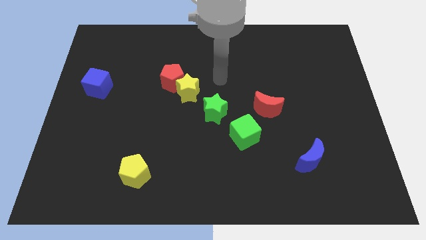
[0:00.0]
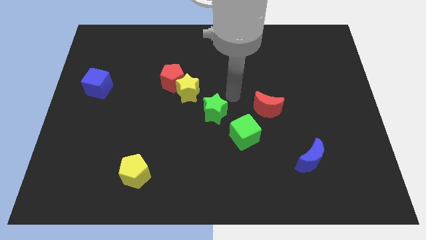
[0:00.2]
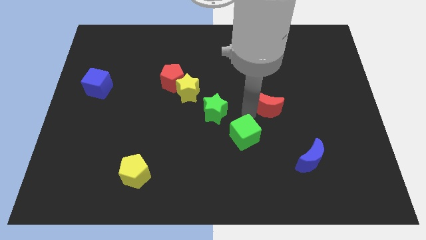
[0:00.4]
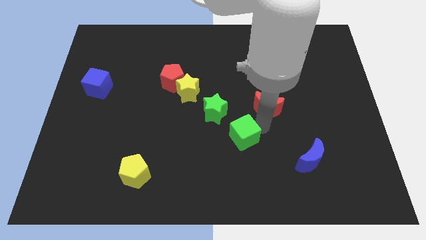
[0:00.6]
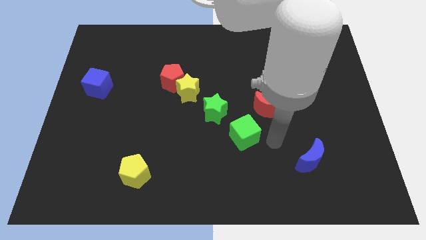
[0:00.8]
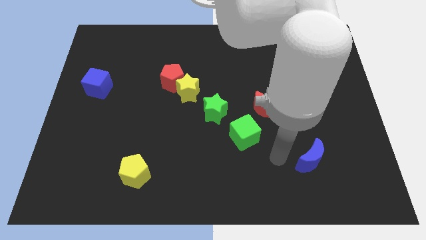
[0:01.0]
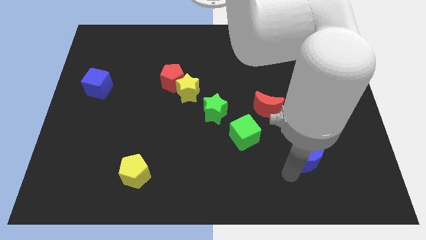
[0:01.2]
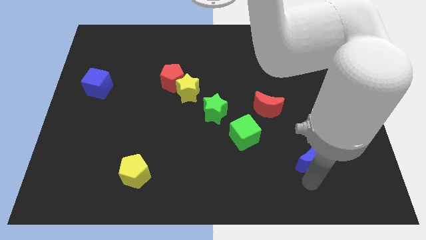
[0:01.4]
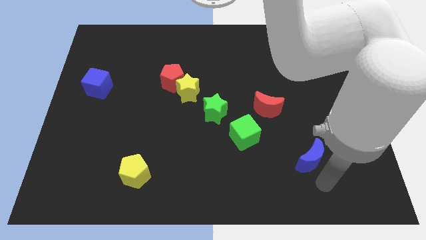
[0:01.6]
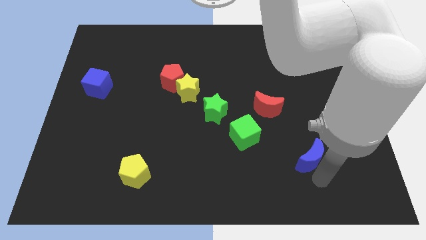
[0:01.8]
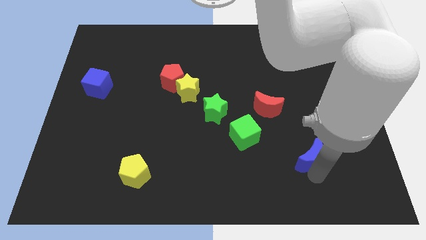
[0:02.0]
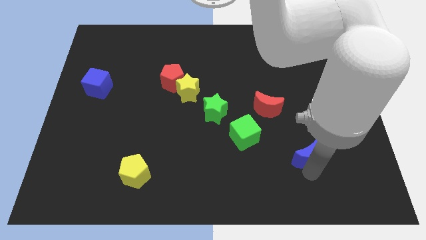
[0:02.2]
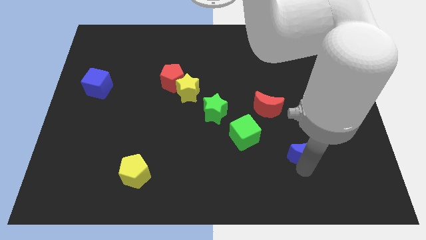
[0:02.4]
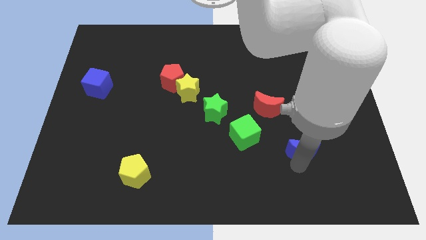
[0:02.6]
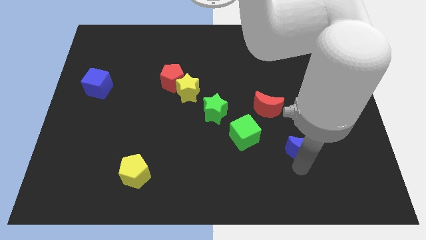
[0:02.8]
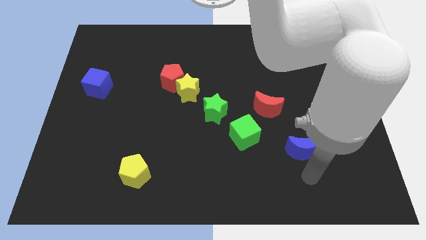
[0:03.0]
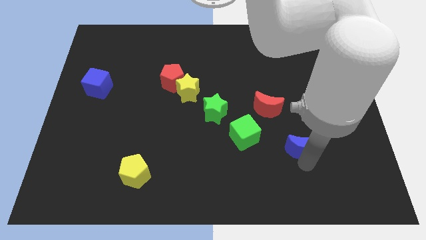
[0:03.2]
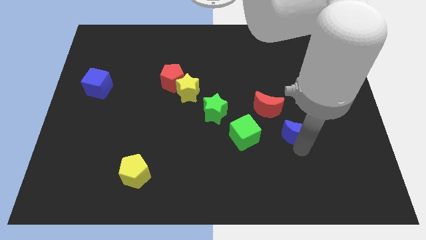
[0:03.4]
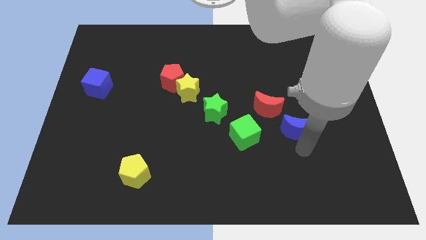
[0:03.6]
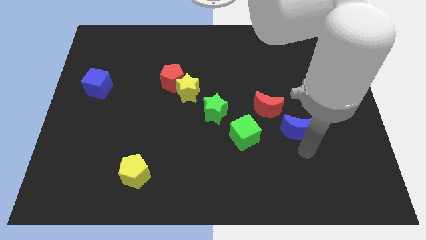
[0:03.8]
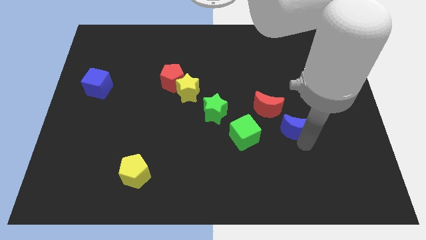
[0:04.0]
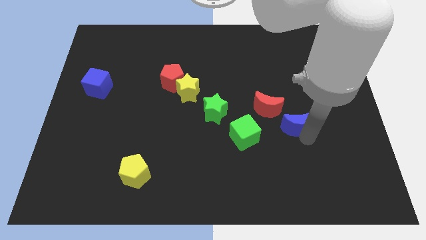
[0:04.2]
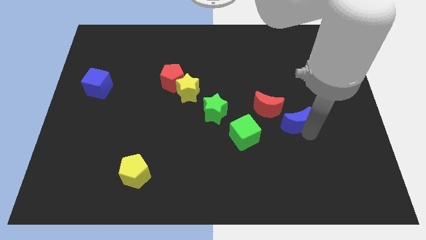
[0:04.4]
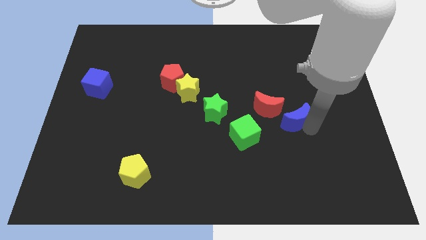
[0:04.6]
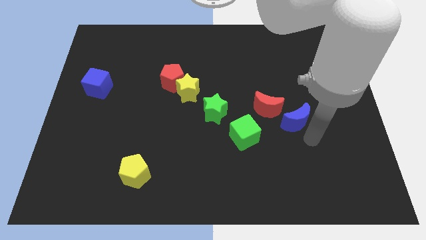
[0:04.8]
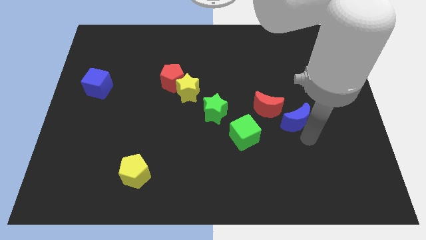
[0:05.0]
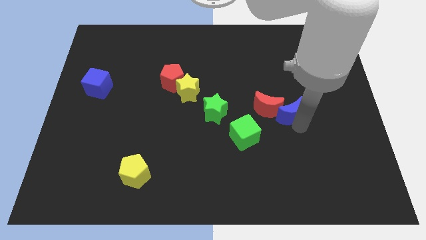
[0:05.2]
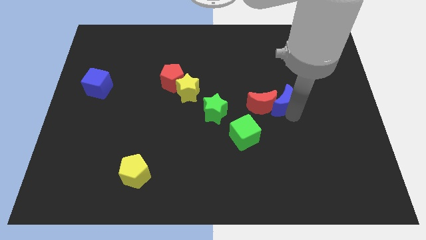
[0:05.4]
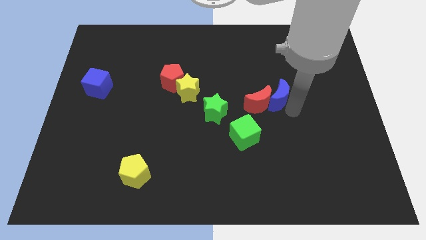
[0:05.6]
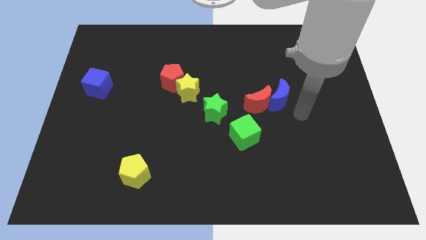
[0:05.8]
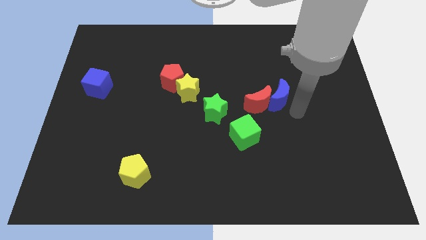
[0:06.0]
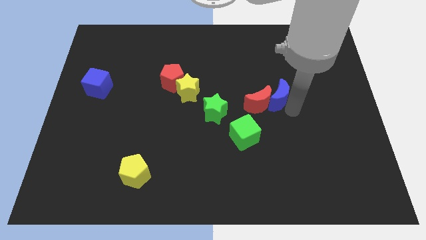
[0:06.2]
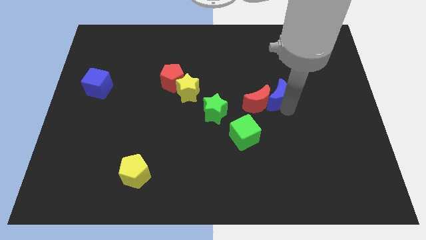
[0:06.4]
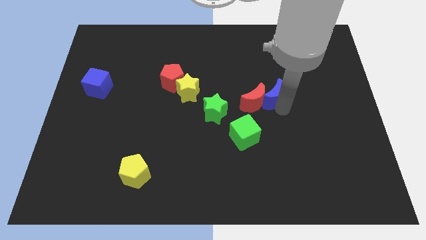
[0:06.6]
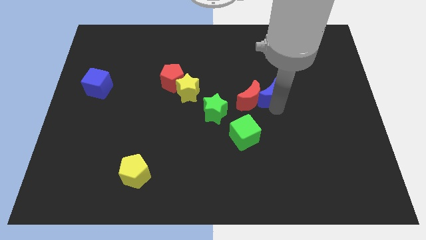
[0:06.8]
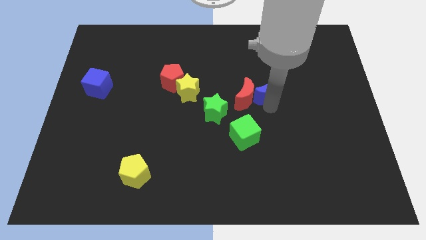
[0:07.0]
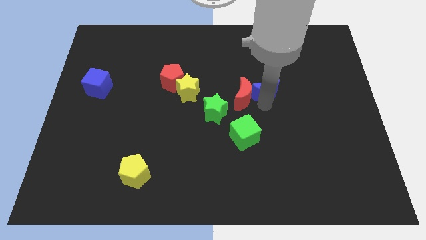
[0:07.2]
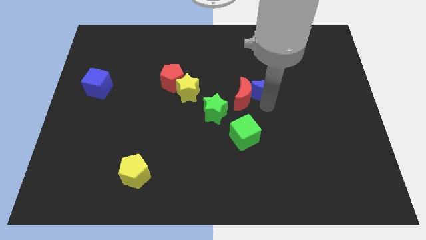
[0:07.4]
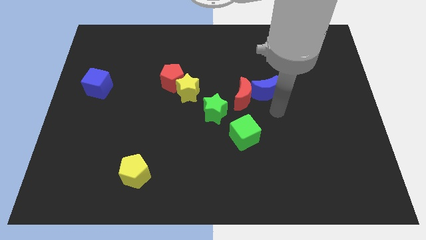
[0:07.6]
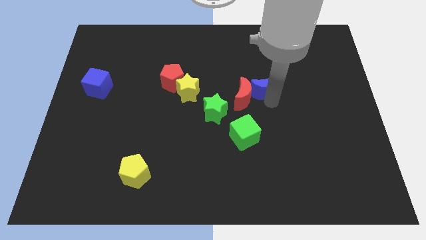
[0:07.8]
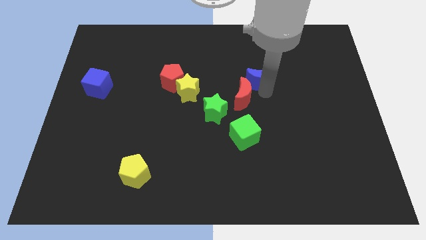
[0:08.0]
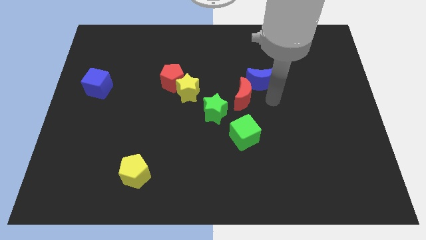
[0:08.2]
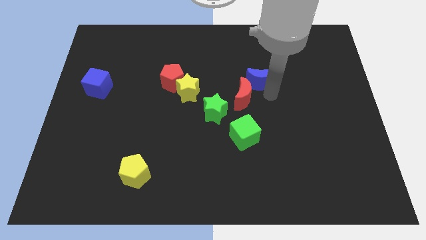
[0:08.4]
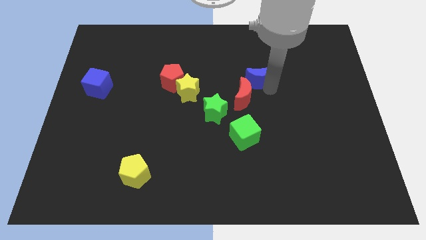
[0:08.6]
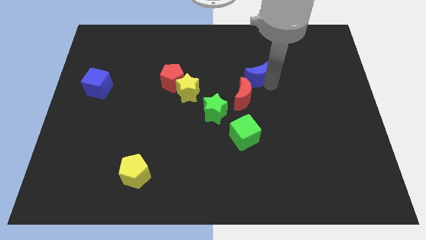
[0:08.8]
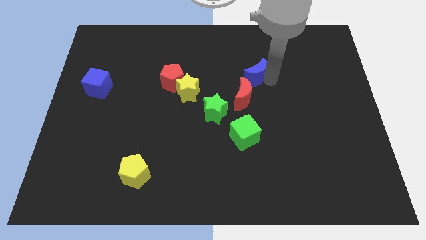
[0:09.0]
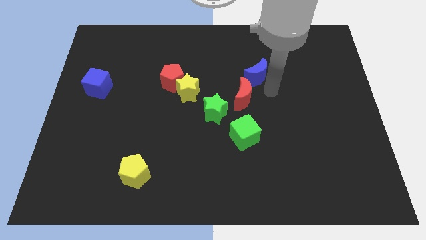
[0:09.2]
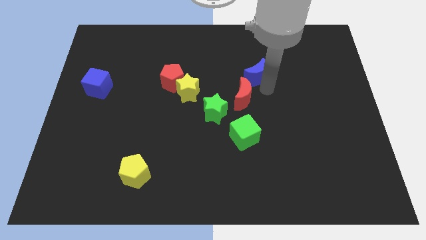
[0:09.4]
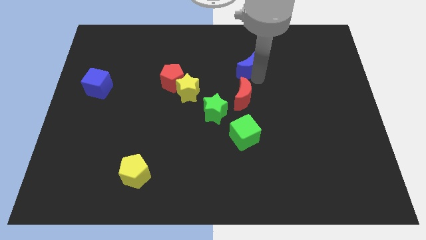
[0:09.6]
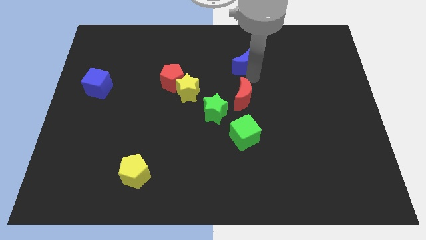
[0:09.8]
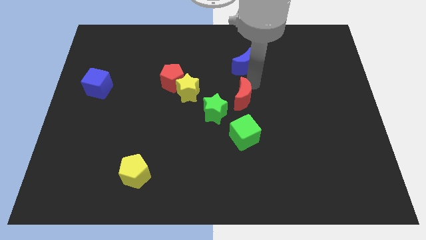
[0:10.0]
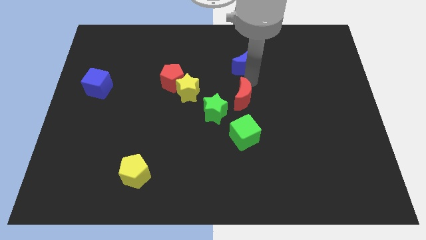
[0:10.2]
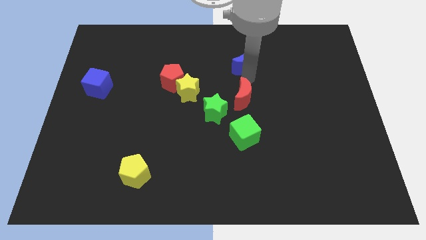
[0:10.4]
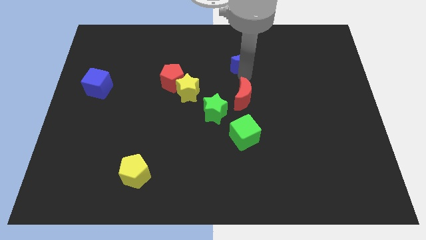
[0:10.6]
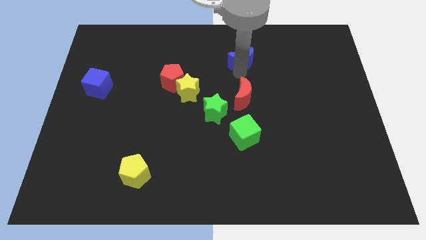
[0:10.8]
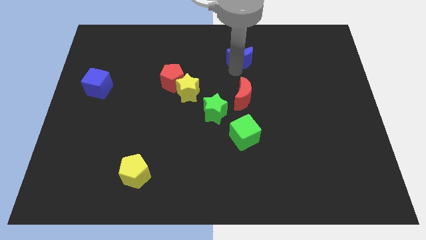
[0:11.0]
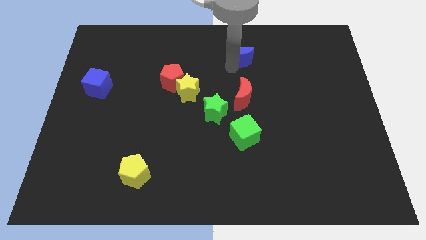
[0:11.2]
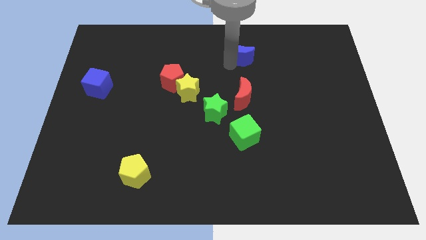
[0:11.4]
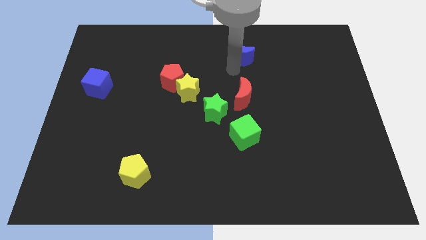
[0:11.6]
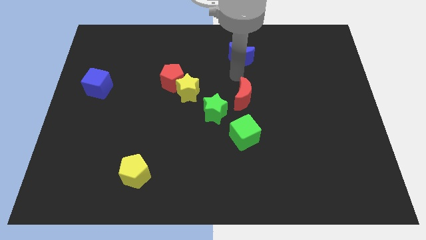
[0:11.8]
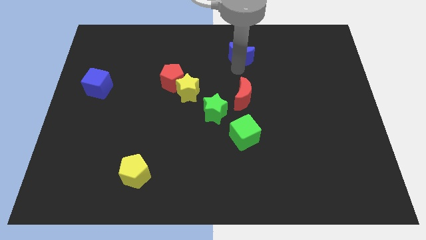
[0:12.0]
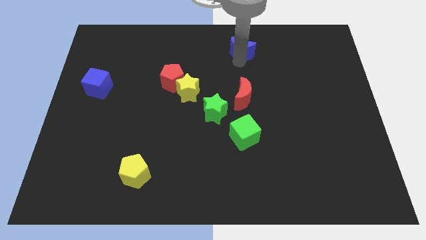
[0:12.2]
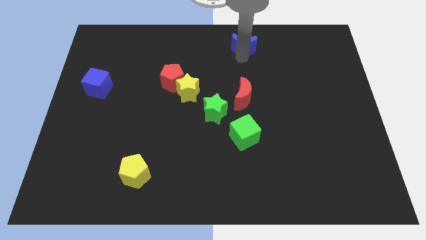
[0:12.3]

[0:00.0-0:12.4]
slide the blue moon to the top
= = = = =
Pictures do not belong in the copy. Output all of the records exactly.

[0:00.0]
[0:00.2]
[0:00.4]
[0:00.6]
[0:00.8]
[0:01.0]
[0:01.2]
[0:01.4]
[0:01.6]
[0:01.8]
[0:02.0]
[0:02.2]
[0:02.4]
[0:02.6]
[0:02.8]
[0:03.0]
[0:03.2]
[0:03.4]
[0:03.6]
[0:03.8]
[0:04.0]
[0:04.2]
[0:04.4]
[0:04.6]
[0:04.8]
[0:05.0]
[0:05.2]
[0:05.4]
[0:05.6]
[0:05.8]
[0:06.0]
[0:06.2]
[0:06.4]
[0:06.6]
[0:06.8]
[0:07.0]
[0:07.2]
[0:07.4]
[0:07.6]
[0:07.8]
[0:08.0]
[0:08.2]
[0:08.4]
[0:08.6]
[0:08.8]
[0:09.0]
[0:09.2]
[0:09.4]
[0:09.6]
[0:09.8]
[0:10.0]
[0:10.2]
[0:10.4]
[0:10.6]
[0:10.8]
[0:11.0]
[0:11.2]
[0:11.4]
[0:11.6]
[0:11.8]
[0:12.0]
[0:12.2]
[0:12.3]

[0:00.0-0:12.4]
slide the blue moon to the top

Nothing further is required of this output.